Google shows Microsoft how to connect the dots
Wed, Dec 3, 08
Whenever Google introduces a new app or service not based on search or advertising (its primary revenue generator), a deafening chorus of analysts and pundits immediately bemoan the fact that the company is once again dabbling in a domain it doesn’t understand or can ever hope to monetize. Add to that long list Microsoft CEO Steve Balmer, here on Google’s Android:
“I don’t really understand their strategy. Maybe somebody else does. If I went to my shareholder meeting, my analyst meeting, and said, ‘hey, we’ve just launched a new product that has no revenue model!’…I’m not sure that my investors would take that very well. But that’s kind of what Google’s telling their investors about Android.”
Given Microsoft’s recent performance, it’s no longer possible to discern if Ballmer is being disingenuous or simply naive here. I’m sure a lot of people at 1600 Amphitheatre Parkway in Mountain View must be laughing at their competitors’ inability to connect the dots and wish it would continue forever.
So how are dots connected at Google then?
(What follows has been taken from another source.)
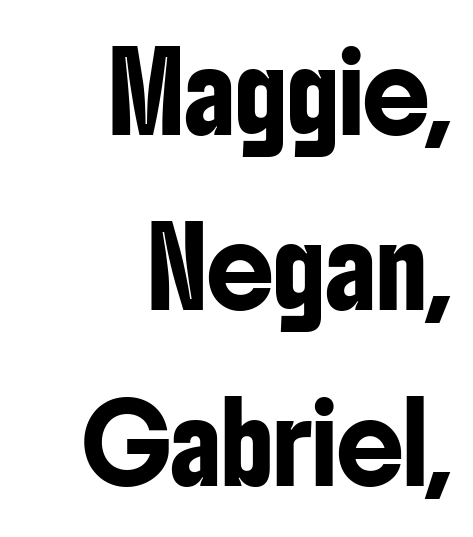
Which margin do the lines hug? The right one — the left edge is uneven. Rows of type keep a wide berth in the vertical direction. A roman cut, with each character standing at attention. Quick note: underline off. Each letter's strokes conclude bluntly, with no projecting serifs.

Exhibit A: Two years ago, Google acquired the popular video site YouTube for $1.65 billion. It’s no secret that the company has had a tough time finding ways to monetize the video service. Unfortunately, what Google does better than any other company in indexing and searching text-based documents doesn’t work with video. Video is opaque. One sees a poster frame, a title and often a brief description of a YouTube video, but beyond that, a 5 minute video may contain thousands of words — searchable and relatable words — that remain unseen. While a user can easily scroll up and down to scan online text or just use the browser’s search function to quickly locate relevant parts, finding and navigating to specific parts of video is cumbersome at best, non-existent in most cases.
Wouldn’t it be nice if video could be indexed?
The technology for converting the audio tracks of video via speech recognition to plain text indexed to time-code has been around for a while. Google would like to dramatically improve the process by perfecting speech recognition. In order to do that it needs better phoneme data from a diverse population. How does Google get a hold of massive phoneme datasets? Offer a free service, the kind that gets Ballmer seemingly so upset.
Dialing GOOG-411
At up to $2 for each operator-assisted call, directory assistance has become a $7.4 billion industry. Google’s automated 411 service, however, is free and lets you find and call local businesses. In an InfoWorld interview last year, Marissa Mayer, Google’s VP of Search Products & User Experience, explained why GOOG-411 was created:
Google Video has had an interesting evolution. When we first launched it, it was based on closed captions, so literally a transcription of the program, but interestingly, you couldn’t play video. So we changed it so that you could play video, and now we’re searching the meta content. That said, one of the future elements of what’s likely to happen in search is around speech recognition.
You may have heard about our [directory assistance] 1-800-GOOG-411 service. Whether or not free-411 is a profitable business unto itself is yet to be seen. I myself am somewhat skeptical. The reason we really did it is because we need to build a great speech-to-text model … that we can use for all kinds of different things, including video search.
The speech recognition experts that we have say: If you want us to build a really robust speech model, we need a lot of phonemes, which is a syllable as spoken by a particular voice with a particular intonation. So we need a lot of people talking, saying things so that we can ultimately train off of that. … So 1-800-GOOG-411 is about that: Getting a bunch of different speech samples so that when you call up or we’re trying to get the voice out of video, we can do it with high accuracy.
Googled even tested outdoor ads for GOOG-411 in New York state:
Say what?
Exhibit B: Another way to collect useful speech recognition data is of course another free app, this time for the iPhone: Google Mobile App. It allows users to bypass typing and speak their search queries directly into the phone:
It wouldn’t be far fetched, for example, to imagine Google could one day correlate location data from the iPhone GPS to dialect and pronunciation characteristics of the user or to any detectable variation in speech articulation between morning and late night timeframes, and so on. Google hasn’t even begun to scratch the surface of mine-ability of the immense datasets it’s been accumulating.
To Google, that invented the ultimate relationship manager PageRank, it’s all a matter of connecting the dots:

Exhibit C: Wherever the dots lead Google will erect services to collect and enhance its datasets, even if it means coming up with a free but somewhat contrived “game” to improve its image indexing, as in Image Labeler:
To the fat, lazy and slumbering Microsoft these are all unmonetizable services which Ballmer claims his board would never allow him to let loose on the market. It’s apparently easier to convert a desktop app, slap a “Live” label on it and shove it online to connect the dots to the bank. Is it any wonder why Microsoft hasn’t made any dent in Google’s online dominance?